The other part of the "doing" side of things is finding something to do. A
good place to start is by solving a problem you have yourself or that you are
interested in. Maybe you think all the todo list managers suck, or maybe you
want a tool that helps to organize your porn collection. Great, pick a
language and get to work.

Another secret is to hang out with smart people and other good programmers.
Talk to others about their work and learn from them. The rising tide raises
all ships.

------
onan_barbarian
These are dumb expressions ("Code Ninja", "Rockstar") but the intent is fine.

My recommendation is to build a bunch of interesting things that are at a
higher level than one-off, design-free algorithm puzzles (well, those sorts of
things aren't exactly 'design free' but they typically don't make you think
about lots of tradeoffs - you find a plausible way to do something and do it).

I suspect that for most people this means finding an employer who solves
interesting problems and getting an job there that actually involves
participation in the 'good parts', so that you actually do it. My record of
self-motivating after my degrees were done is pretty much zero - best to make
this your day job.

------
checoivan
Practice often... and know your language well.

There is a huge difference between knowing and KNOWING. Knowing your tools
well enough lets you focus on the problem rather than searching how to hacking
your way through. Don't be a copy paste programmer.

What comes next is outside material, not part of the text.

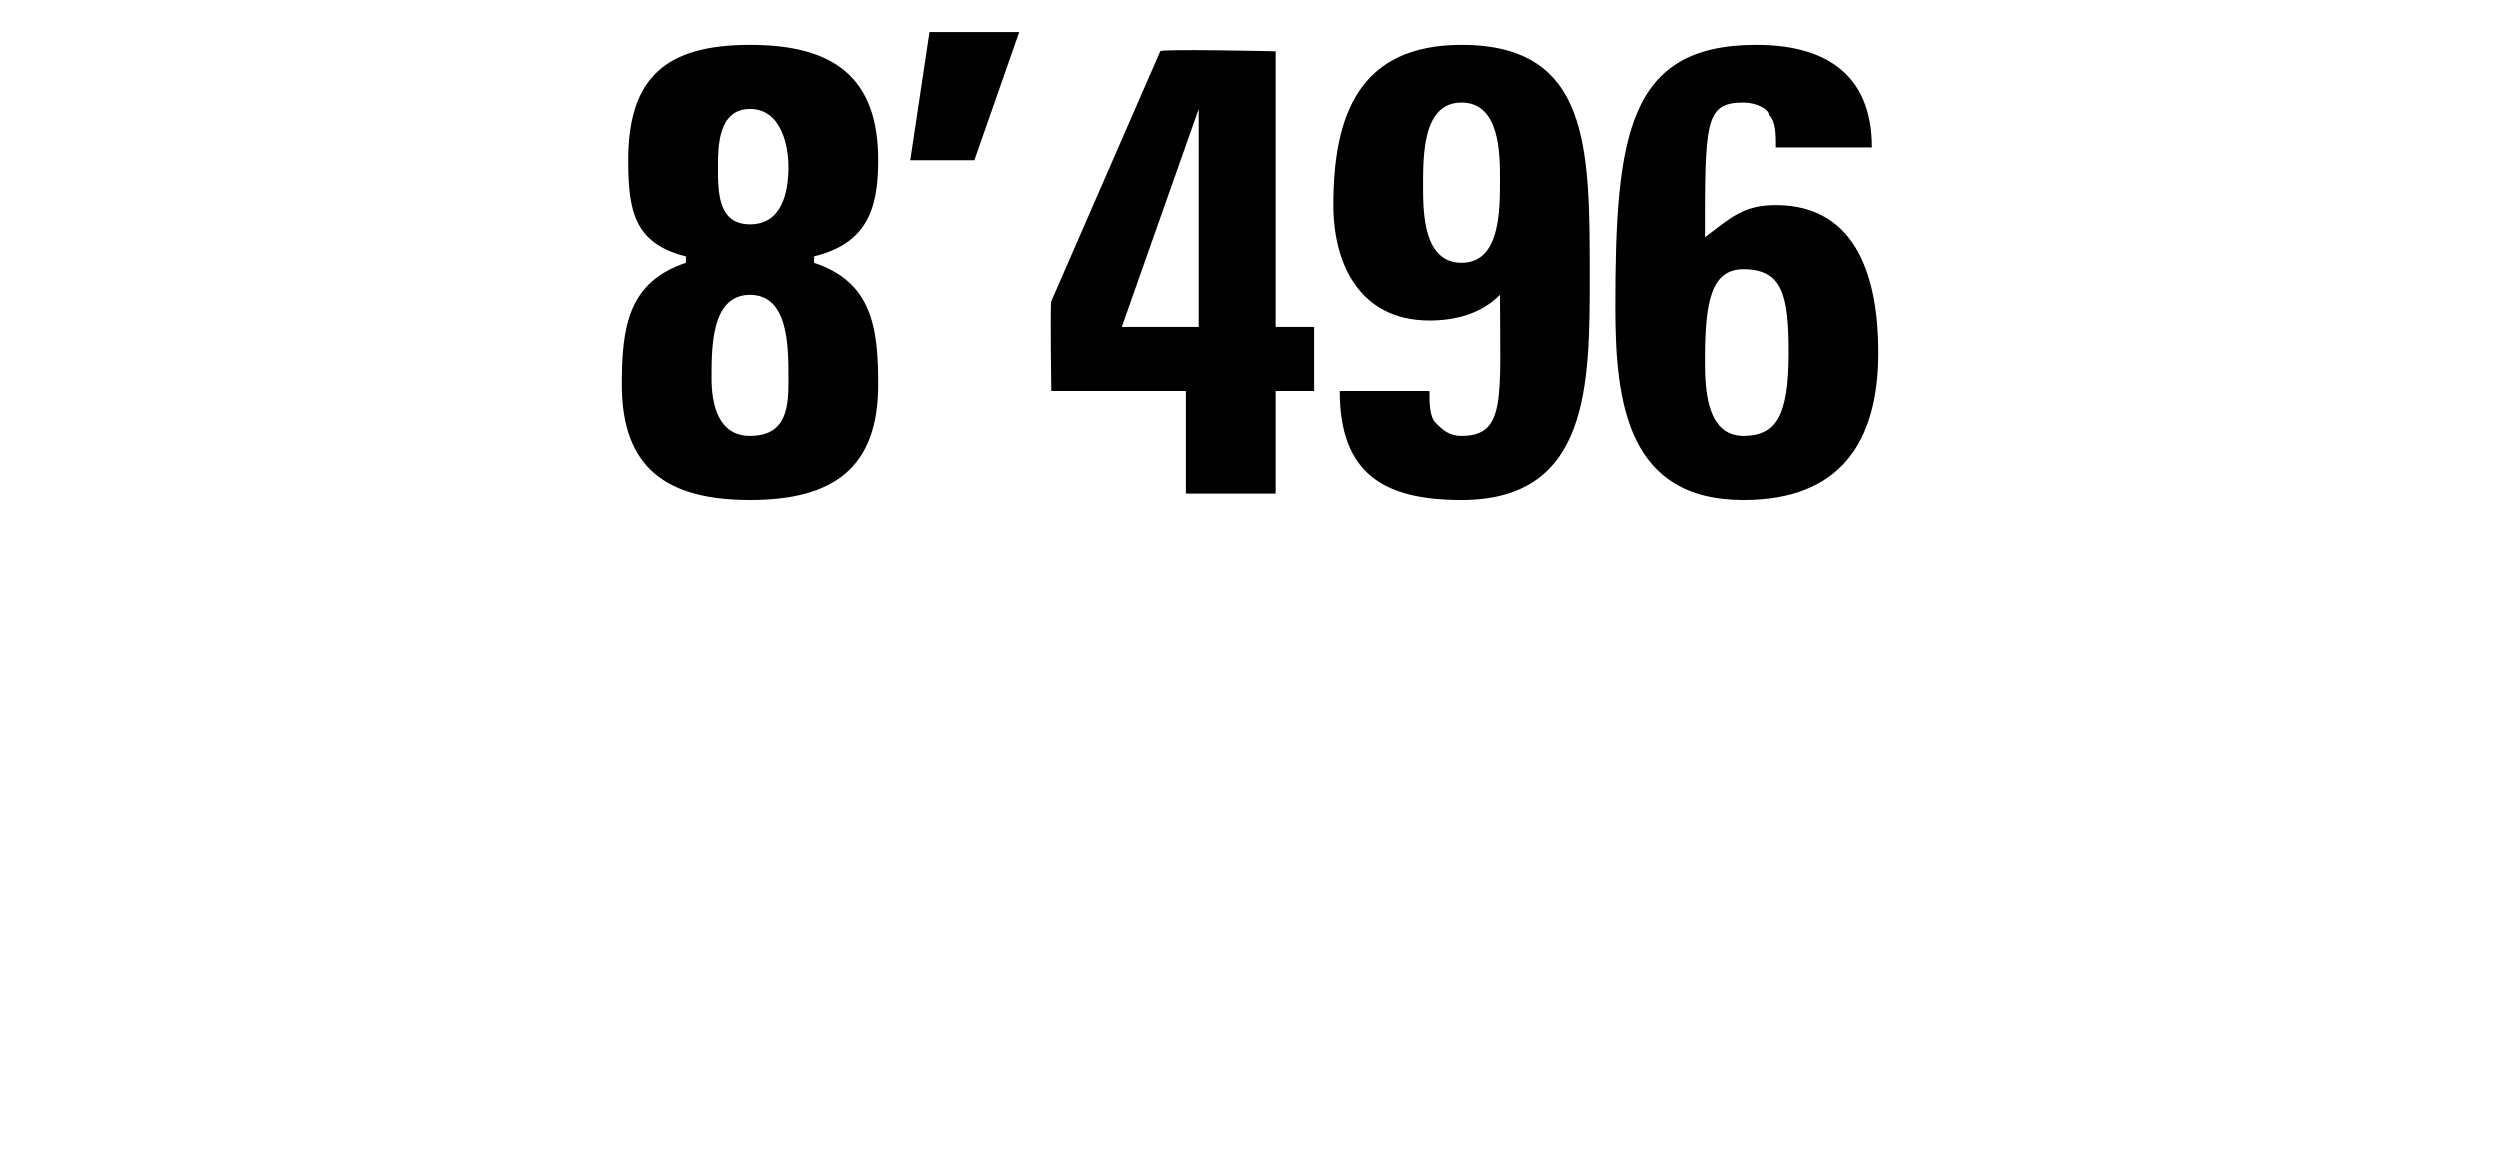 <svg xmlns="http://www.w3.org/2000/svg" version="1.1" width="39px" height="18.3px" viewBox="0 0 39 18.3"><desc>8 496</desc><defs/><g id="Polygon103647"><path d="m11.1 5.9c0 .4.1.9.6.9c.6 0 .6-.5.6-.9c0-.5 0-1.3-.6-1.3c-.6 0-.6.8-.6 1.3zm.1-3.3c0 .4 0 .9.5.9c.5 0 .6-.5.6-.9c0-.3-.1-.9-.6-.9c-.5 0-.5.6-.5.9zm-1.5 3.4c0-.9.1-1.6 1-1.9c0 0 0-.1 0-.1c-.8-.2-.9-.7-.9-1.5c0-1.3.6-1.8 1.9-1.8c1.3 0 2 .5 2 1.8c0 .8-.2 1.3-1 1.5c0 0 0 .1 0 .1c.9.3 1 1 1 1.9c0 1.3-.7 1.8-2 1.8c-1.3 0-2-.5-2-1.8zm4.8-5.5l1.4 0l-.7 2l-1 0l.3-2zm1.9 4.2c1.7-3.9 1.7-3.9 1.7-3.9c-.03-.04 1.8 0 1.8 0l0 4.3l.6 0l0 1l-.6 0l0 1.6l-1.4 0l0-1.6l-2.1 0c0 0-.02-1.36 0-1.4zm2.3.4l0-3.4l0 0l-1.2 3.4l1.2 0zm4.1-1c.6 0 .6-.8.6-1.3c0-.4 0-1.2-.6-1.2c-.6 0-.6.8-.6 1.3c0 .4 0 1.2.6 1.2zm-.5 2c0 .2 0 .4.1.5c.1.1.2.2.4.2c.7 0 .6-.6.6-2.2c-.3.3-.7.4-1.1.4c-1.1 0-1.5-.9-1.5-1.8c0-1.4.4-2.5 2-2.5c2 0 2 1.6 2 3.6c0 1.7 0 3.5-2 3.5c-1.2 0-1.9-.4-1.9-1.7c0 0 1.4 0 1.4 0zm5.6-.6c0-.9-.1-1.3-.7-1.3c-.5 0-.6.5-.6 1.4c0 .4 0 1.2.6 1.2c.5 0 .7-.3.7-1.3zm-.2-3.2c0-.2 0-.4-.1-.5c0-.1-.2-.2-.4-.2c-.6 0-.6.3-.6 2.1c.4-.3.6-.5 1.1-.5c1.3 0 1.6 1.2 1.6 2.3c0 1.4-.6 2.3-2.1 2.3c-1.8 0-2-1.5-2-3c0-2.7.2-4.1 2.2-4.1c1 0 1.8.4 1.8 1.6c0 0-1.5 0-1.5 0z" stroke="none" fill="0uxfff"/></g></svg>

Don't be mislead by fast typers either.

Fast turnaround is good, but stable code is better. What's the point of
finishing in 1 day instead of 2 if you'll be debugging for a week afterwards?
With enough practice you'll be able to get the stable code out in the same
time as the fast typer.

Some book recommendations:

-Code Complete 2.

-Refactoring: Improving the Design of Existing Code.

-Clean Code.

-Head first design patterns.

------
jamesbritt
"Skill to do comes of doing"

    
    
       -- Ralph Waldo Emerson 
    
    

Also, as others have said, please do not aspire to "rock star" or "ninja."

Constantly test yourself and keep reaching.

------
akadien
Hey, you're not Steve Jobs, are you?

First, aspire to be a great engineer. Ninjas are for turtles and Rockstar is
caffeinated sugar water.

Second, design and implement software. Write programs in areas that interest
you. Then iterate and design something that your friends or family can use.

Finally, do your best and forget the rest. And continually get better doing
it.

(It wouldn't hurt to read "Programming Pearls".)

------
seasoup
I see the problem,

Javascript programmers are Ninjas

CSS experts are Wizards

PHP Developers are Rockstars

I think you are looking to be more of a Java or C Guru, Perl Hacker, or Python
Developer.

Not sure why Python experts don't get a "cool" name, that just seems to be the
way it is.

------
bretthellman
According to Malcolm Gladwell, which I agree with, it's practice and
persistence. How many hours are you coding a day? How many hours are you
spending learning to code smarter?

------
moonpolysoft
If you want to get better, build more things.

And don't use the terms "code ninja" or "rockstar" to describe engineers.
Those terms are self aggrandizing crap that inadequate engineers use to stroke
their own egos. At best using those terms marks you as being naive.